The first case is TD Auto Finance, LLC v. Reynolds. Reynolds, who was shopping for a truck, signed a form with the dealership authorizing a credit check. The credit form contained arbitration language. Thereafter, he signed a purchase agreement that did not contain any language requiring arbitration. The purchase agreement also contained a merger clause stating “this contract contains the entire agreement between you and us.” The dealership then assigned the agreement to TD Auto.
Eventually, Reynolds fell behind in the truck payments. TD Auto exercised its repossession rights and then began harassing Reynolds with letters and telephone calls. Reynolds sued, alleging that TD Auto was violating West Virginia’s consumer laws. TD Auto asked the trial court to order the parties to arbitration.
The issue boiled down to this: Should the two contracts be read together or separately?

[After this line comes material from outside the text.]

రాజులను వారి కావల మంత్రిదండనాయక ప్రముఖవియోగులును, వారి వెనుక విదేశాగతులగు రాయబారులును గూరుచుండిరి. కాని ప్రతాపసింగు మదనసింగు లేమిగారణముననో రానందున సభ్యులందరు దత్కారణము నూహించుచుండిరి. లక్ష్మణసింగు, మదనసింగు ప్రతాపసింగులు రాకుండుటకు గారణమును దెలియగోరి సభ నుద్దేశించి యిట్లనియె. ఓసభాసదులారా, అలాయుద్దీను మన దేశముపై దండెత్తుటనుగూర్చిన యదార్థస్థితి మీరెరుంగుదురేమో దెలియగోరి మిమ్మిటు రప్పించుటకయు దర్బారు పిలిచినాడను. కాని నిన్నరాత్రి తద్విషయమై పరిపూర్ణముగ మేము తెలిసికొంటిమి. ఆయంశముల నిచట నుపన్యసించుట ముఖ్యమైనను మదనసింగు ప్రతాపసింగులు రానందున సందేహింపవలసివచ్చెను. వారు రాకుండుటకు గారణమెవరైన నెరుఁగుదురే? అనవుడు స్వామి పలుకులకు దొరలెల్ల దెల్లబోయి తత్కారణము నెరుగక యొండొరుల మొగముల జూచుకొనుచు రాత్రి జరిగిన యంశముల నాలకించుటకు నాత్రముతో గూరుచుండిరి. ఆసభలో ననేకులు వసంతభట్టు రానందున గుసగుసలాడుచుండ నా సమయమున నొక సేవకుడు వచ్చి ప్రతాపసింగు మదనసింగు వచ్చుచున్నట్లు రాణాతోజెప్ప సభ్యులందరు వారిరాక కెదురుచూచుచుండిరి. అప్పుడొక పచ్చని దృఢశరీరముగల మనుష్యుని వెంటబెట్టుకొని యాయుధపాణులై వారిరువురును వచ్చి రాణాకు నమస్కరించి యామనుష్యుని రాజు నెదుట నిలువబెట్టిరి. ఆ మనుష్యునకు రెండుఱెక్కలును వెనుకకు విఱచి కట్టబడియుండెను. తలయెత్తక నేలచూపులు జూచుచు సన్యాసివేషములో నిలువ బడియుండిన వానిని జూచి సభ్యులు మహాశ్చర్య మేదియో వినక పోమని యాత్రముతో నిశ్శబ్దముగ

The general rule in West Virginia was set down over 40 years ago:
“Separate written instruments will be construed together and considered to constitute one transaction where the parties and the subject matter are the same, and where there is clearly a relationship between the documents.”
In a win for the consumer, the Supreme Court held that the arbitration provisions in the credit application “did not survive the merger clause of the [purchase agreement], thereby nullifying [Reynolds] obligation to arbitrate their claims against [TD Auto].” In a concurrence, Justice Hutchison pointed out this wasn’t really an arbitration case, but “a dull, run-of-the-mill, state-law contract interpretation case.” He then gave us a helpful summary of what incorporation by reference is—and what it isn’t: “Incorporation by reference pulls existing material into the new, incorporating contract; it does not push material terms into nonexistent, as-yet-unassented-to future contracts.”
Unfortunately, the consumer didn’t prevail in Bayles v. Evans. Here are the facts. Before his death, W. Nelson Bayles rolled over the proceeds of a 401k into an IRA. His wife alleges that Bayles and an Ameriprise employee fraudulently coerced her to consent to the rollover. At some point thereafter, Bayles changed the beneficiary—removing his wife and substituting his daughter. The wife sued the daughter and Ameriprise, both of whom cited arbitration language in the investment agreements.
The question in Bayles was whether the wife, who hadn’t signed the agreements, was nevertheless bound by the arbitration language. The Court held that the doctrine of equitable estoppel applied: “[T]he doctrine of equitable estoppel allows a court to prevent a nonsignatory from embracing a contract, but then turning his, her, or its back on the portions of the contract (such as an arbitration clause) that the nonsignatory finds distasteful.” When a party has obtained or is seeking to obtain a “direct benefit” under a contract, equitable estoppel will apply. Here, the wife was clearly seeking to obtain assets deposited into her husband’s accounts and “to enforce her understanding of the contract.” Therefore, equitable estoppel prevented the wife from “cherry-picking the terms beneficial to her while disavowing the terms she would prefer not to be governed by.”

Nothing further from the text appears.